14. Patah

216 43 3
                                    

Sinita melengos pelan. Berkali-kali meninju lengan besar sahabatnya ini dengan kesal. Tapi yang jadi sasaran hanya bergumam kecil dengan wajah menumpu pada meja. Kedua matanya tertutup rapat.

Bahkan seolah tak peduli suasana riuh di ruangan itu. Atau mungkin tak mendengar apapun kehilangan kesadaran.

"Sono lo pulang Sin," Sintia menoleh. Menatap Lucas yang santai saja duduk di seberangnya. "Biarin aja."

Gadis itu menghela nafas panjang. Mengutuk cowok ini yang malah tak sadarkan diri. "Angkat Cas," perintahnya langsung dibalas decakan Lucas.

"Nyusahin aja njing!" umpat Lucas menendang kaki panjang Abim dengan kesal.

Cowok berwajah tegas itu menggerakkan dagu. Seketika ada beberapa orang lainnya muncul dari lautan manusia disana.

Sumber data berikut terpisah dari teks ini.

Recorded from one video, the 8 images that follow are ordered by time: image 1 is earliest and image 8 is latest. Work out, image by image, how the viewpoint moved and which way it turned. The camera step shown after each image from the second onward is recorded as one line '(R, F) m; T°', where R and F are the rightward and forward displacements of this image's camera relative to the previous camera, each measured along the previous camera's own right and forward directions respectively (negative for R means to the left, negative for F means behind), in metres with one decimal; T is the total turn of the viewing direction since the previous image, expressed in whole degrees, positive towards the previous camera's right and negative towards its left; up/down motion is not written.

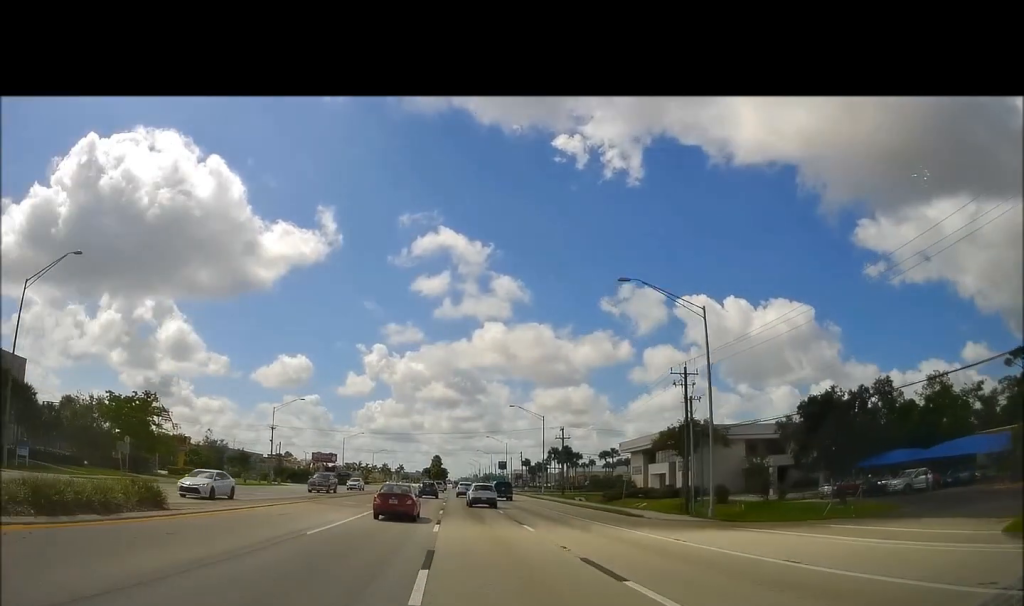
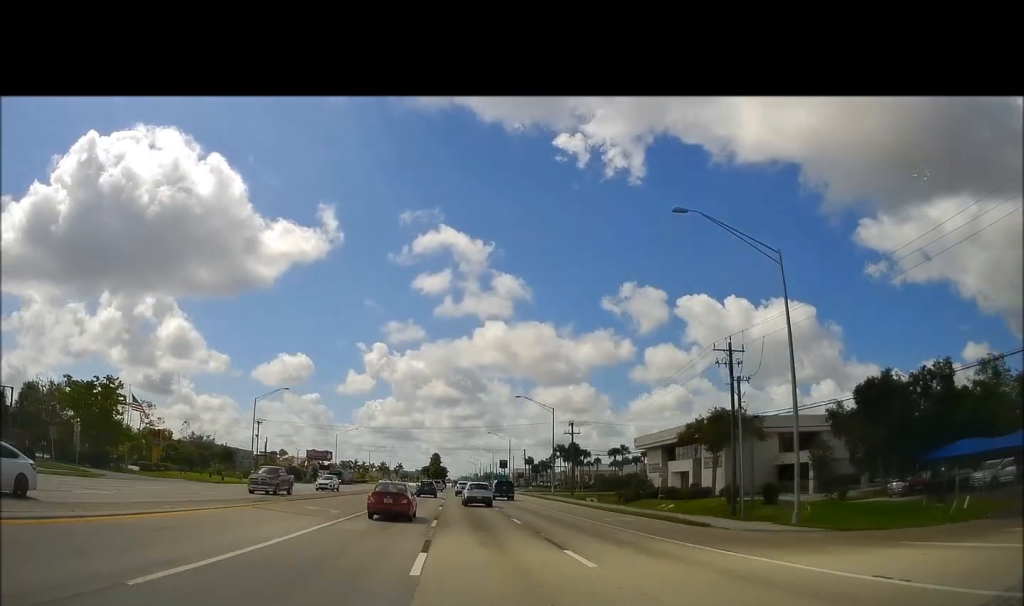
(0.0, +9.2) m; 0°
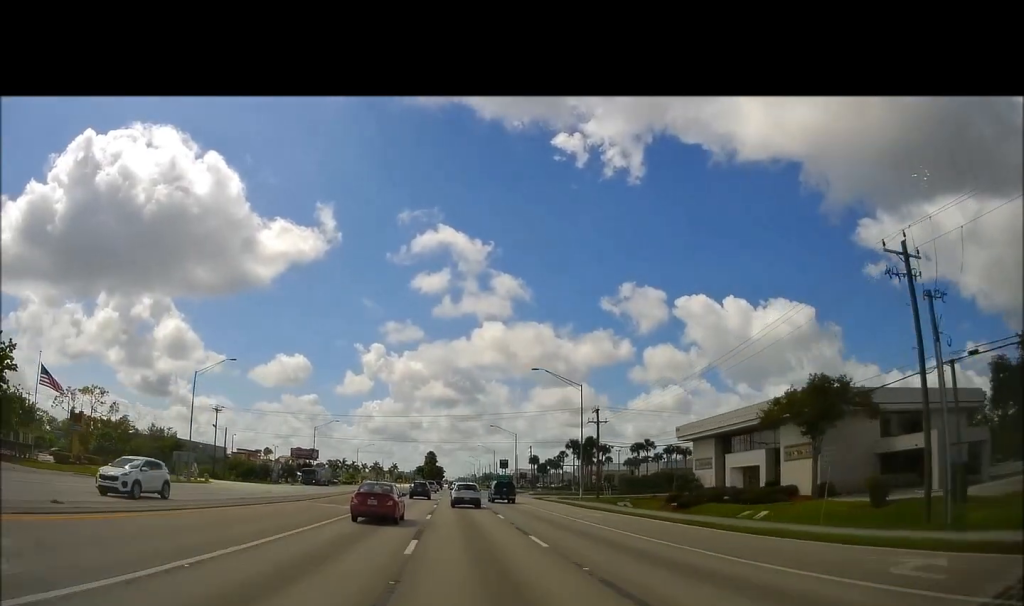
(0.0, +20.3) m; 0°
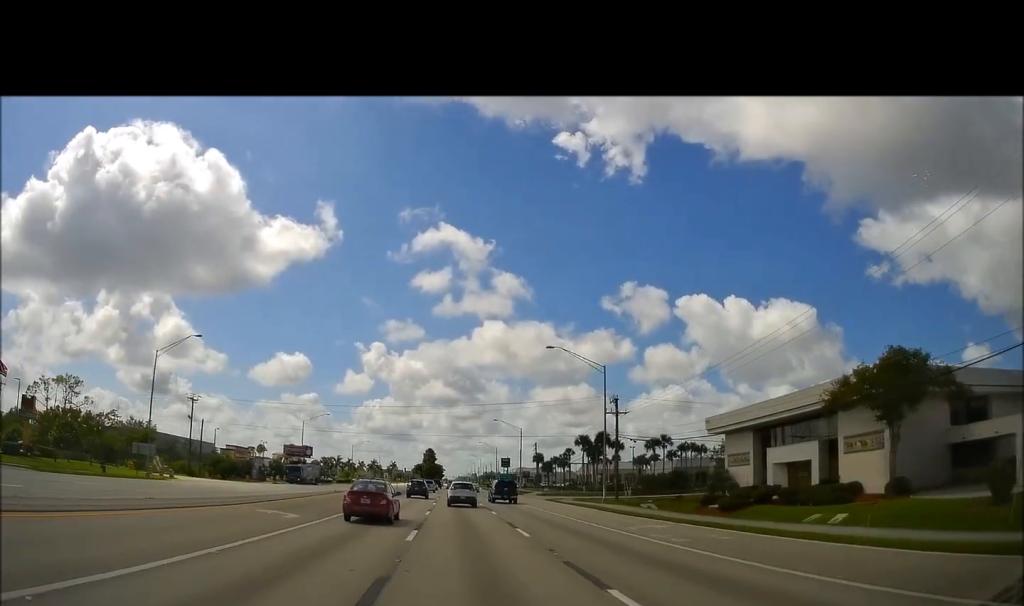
(0.0, +9.8) m; -1°
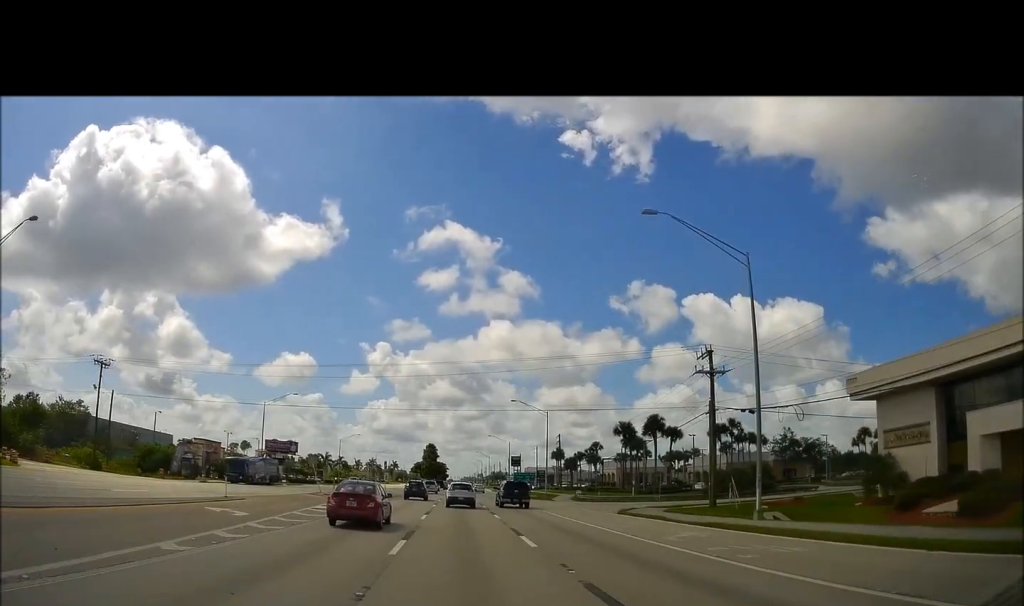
(-0.5, +27.5) m; 0°
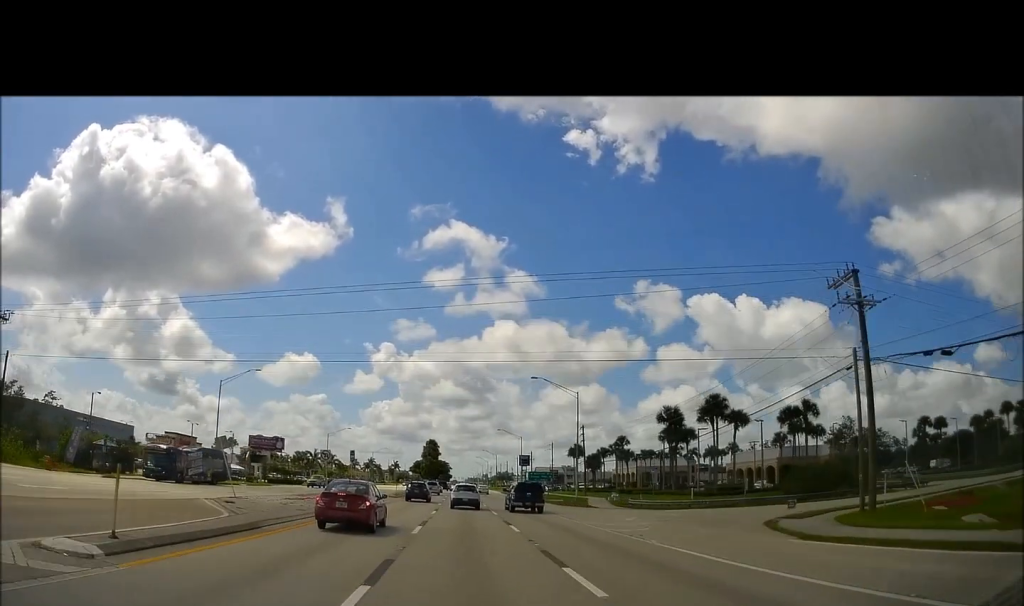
(+0.4, +19.6) m; +1°
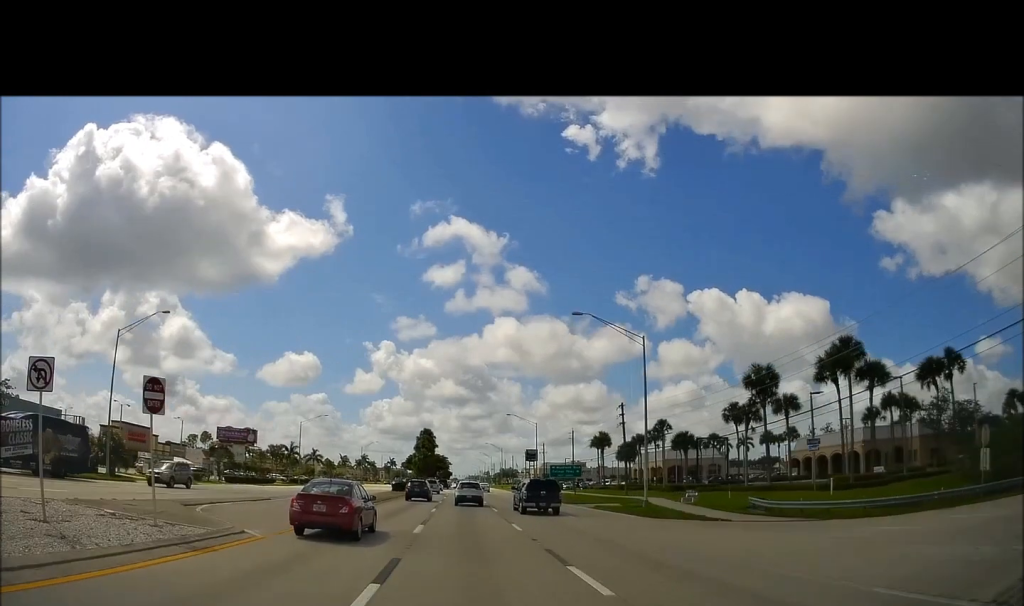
(+0.1, +25.2) m; 0°
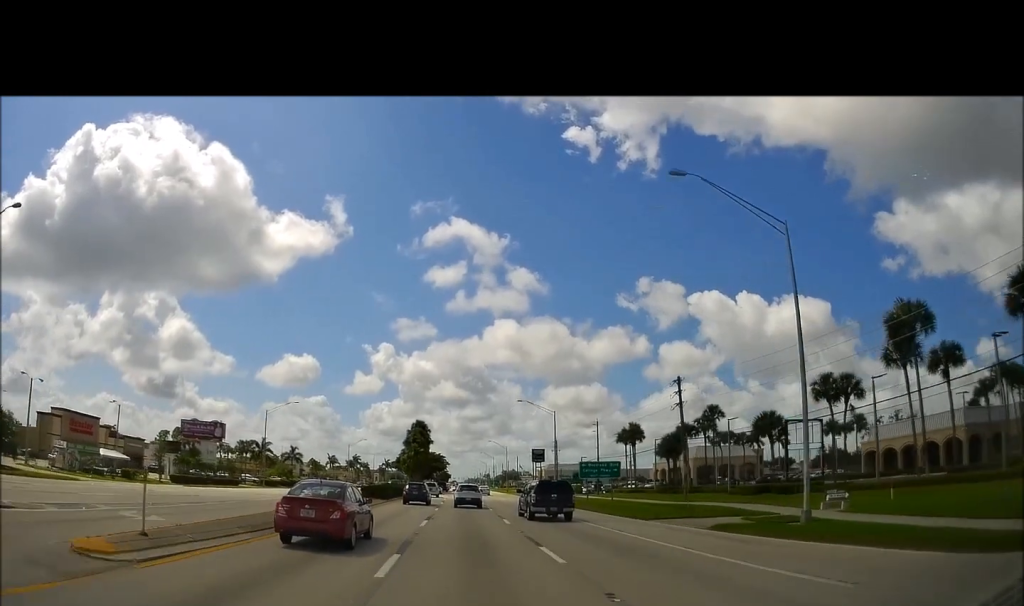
(0.0, +21.2) m; 0°

Janu melongo, duduk di sebelah Sintia dengan gelengan kecil melihat cowok jangkung itu masih diam tak bergerak. Dion yang kebetulan baru datang juga tertawa tanpa dosa.

"Besok sekolah anjir," Janu berdiri meraih lengan besar Abim. Lalu menoleh pada Dion meminta bantuan.

"Patah hati jangan mabok juga si!"

**Sayna!**

Yena melongok ke luar kelas yang mulai ramai. Karena hari senin ini ada apel seperti minggu-minggu sebelumnya. Doni di depan kelas langsung mengusir anak kelasnya agar keluar turun menuju lapangan utama.

Yena menghela nafas kecil. Tak melihat cowok jangkung itu sejak tadi ia berangkat. Gadis itu melompat kecil ke sisi Nika yang menoleh kaget dengan Sintia yang memasang wajah datarnya.

"Sin, lo--" belum selesai dengan ucapannya, Sintia sudah berbaris rapi di deretan depan. Membuat gadis itu mendengus.

Nika yang masih mencari tempat ternyaman akhirnya menjadi sasaran Yena. "Ka,"

Nika bergumam pelan, menyibak rambut panjangnya yang menutupi wajah cantiknya. "Lo, liat Abim?" tanyanya berbisik kecil.

Gadis berwajah anggun itu jadi berbalik lagi menghadap belakang. Dimana Yena tengah menatapnya menunggu. Nika melirik kecil ke arah depan.

"Gak tau Na, udah jarang main gue," Katanya langsung berbalik ketika guru di depan mulai menginterupsi bahwa apel pagi akan segera dilaksanakan.

Yena menggigit bibirnya. Berkali-kali melirik ke samping, berharap cowok jangkung itu datang meski terlambat.

Gadis itu merasa hatinya kacau. Apalagi ketika tahu Abim melihatnya bersama Yohan di Minoki sore itu. Mengingat bagaimana wajah mengeruh dan tatapan nanar yang ia dapatkan. Rahang tegas yang mengeras itu membuat Yena merutuk.

Kenapa di saat seperti itu dia tak bisa berkata apapun. Beranjak untuk menarik kembali cowok jangkung itu agar mendengarkan pernyataannya.

Yena tak dapat mengatakan apapun. Tak seperti biasanya, dia akan melompat ke depan Abim mengatakan semuanya. Mengatakan apa yang ia rasakan meski dengan lelucon.

Yena mendengus, kemudian mendongakkan kepala setelah mendengar kerusuhan di depan. Melihat ke depan dengan susah payah. Karena tertutup tinggi Doni dan para tiang di barisan paling depan.

Ia tersentak kecil dengan mata melebar dan bibir melongo. Cowok jangkung itu terlihat berjalan malas dan berdiri menghadap peserta apel.

Seragam yang baru dimasukkan ketika bu Airin menunjuknya. Tidak ada topi, ataupun dasi di lehernya. Benar-benar sangat berantakan. Wajah kusut dan mata merah sayu.

Abim berkali-kali menatap barisan kelas. Bertatapan dengan Doni yang pasti akan meledak nanti setelah apel selesai. Cowok jangkung itu melengos, merunduk tak lagi melirik siapapun.